Laboratoire de Neurosciences Cognitives et Computationnelles, INSERM U960, Ecole Normale Superieure-PSL Research University, Paris, France.
PLoS Comput Biol. 2023 Jan 23;19(1):e1010855. doi: 10.1371/journal.pcbi.1010855. eCollection 2023 Jan.
How the connectivity of cortical networks determines the neural dynamics and the resulting computations is one of the key questions in neuroscience. Previous works have pursued two complementary approaches to quantify the structure in connectivity. One approach starts from the perspective of biological experiments where only the local statistics of connectivity motifs between small groups of neurons are accessible. Another approach is based instead on the perspective of artificial neural networks where the global connectivity matrix is known, and in particular its low-rank structure can be used to determine the resulting low-dimensional dynamics. A direct relationship between these two approaches is however currently missing. Specifically, it remains to be clarified how local connectivity statistics and the global low-rank connectivity structure are inter-related and shape the low-dimensional activity. To bridge this gap, here we develop a method for mapping local connectivity statistics onto an approximate global low-rank structure. Our method rests on approximating the global connectivity matrix using dominant eigenvectors, which we compute using perturbation theory for random matrices. We demonstrate that multi-population networks defined from local connectivity statistics for which the central limit theorem holds can be approximated by low-rank connectivity with Gaussian-mixture statistics. We specifically apply this method to excitatory-inhibitory networks with reciprocal motifs, and show that it yields reliable predictions for both the low-dimensional dynamics, and statistics of population activity. Importantly, it analytically accounts for the activity heterogeneity of individual neurons in specific realizations of local connectivity. Altogether, our approach allows us to disentangle the effects of mean connectivity and reciprocal motifs on the global recurrent feedback, and provides an intuitive picture of how local connectivity shapes global network dynamics.
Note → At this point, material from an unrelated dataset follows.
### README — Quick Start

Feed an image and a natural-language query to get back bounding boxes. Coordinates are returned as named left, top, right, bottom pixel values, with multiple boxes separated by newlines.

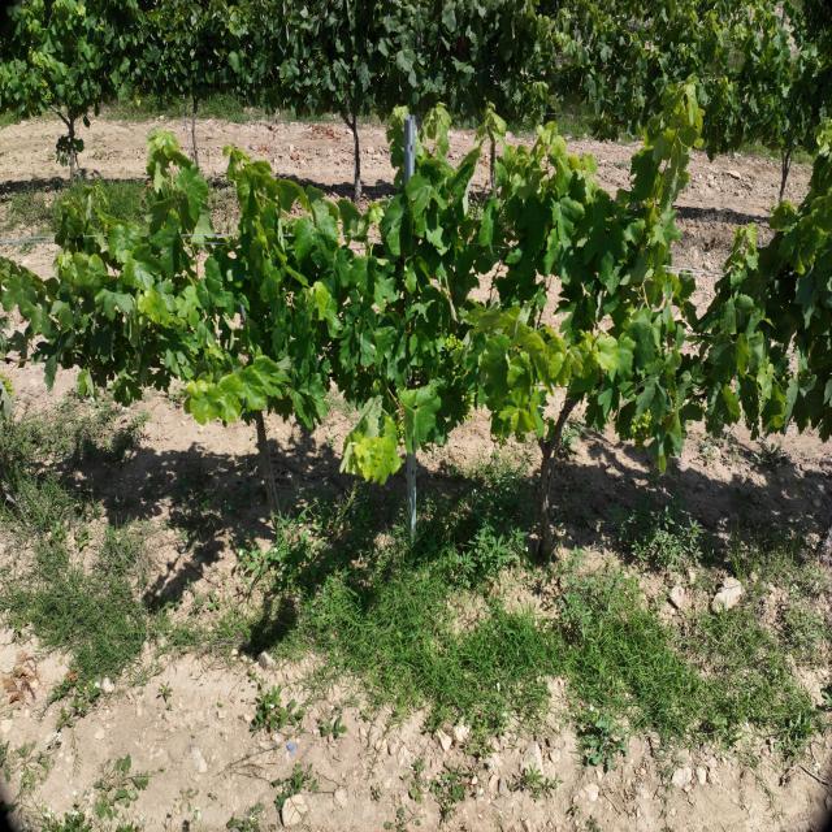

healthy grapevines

皮质网络的连接性如何决定神经动力学和由此产生的计算是神经科学的关键问题之一。以前的工作已经采用了两种互补的方法来量化连接中的结构。一种方法从生物实验的角度出发,其中只有小群神经元之间的连接模式的局部统计数据是可访问的。另一种方法则基于人工神经网络的角度,其中全局连接矩阵是已知的,特别是它的低秩结构可以用于确定由此产生的低维动力学。然而,这两种方法之间目前还没有直接的关系。具体来说,仍然需要澄清局部连接统计数据和全局低秩连接结构是如何相互关联并塑造低维活动的。为了弥合这一差距,我们在这里开发了一种将局部连接统计数据映射到近似全局低秩结构的方法。我们的方法基于使用特征向量来近似全局连接矩阵,我们使用随机矩阵的微扰理论来计算这些特征向量。我们证明,对于满足中心极限定理的局部连接统计数据定义的多群体网络,可以通过具有高斯混合统计数据的低秩连接来近似。我们特别将这种方法应用于具有互惠模式的兴奋性抑制网络,并表明它可以对低维动力学和群体活动的统计数据进行可靠的预测。重要的是,它在局部连接的特定实现中分析性地解释了单个神经元的活动异质性。总之,我们的方法允许我们分离平均连接和互惠模式对全局递归反馈的影响,并提供了一个直观的图景,说明局部连接如何塑造全局网络动力学。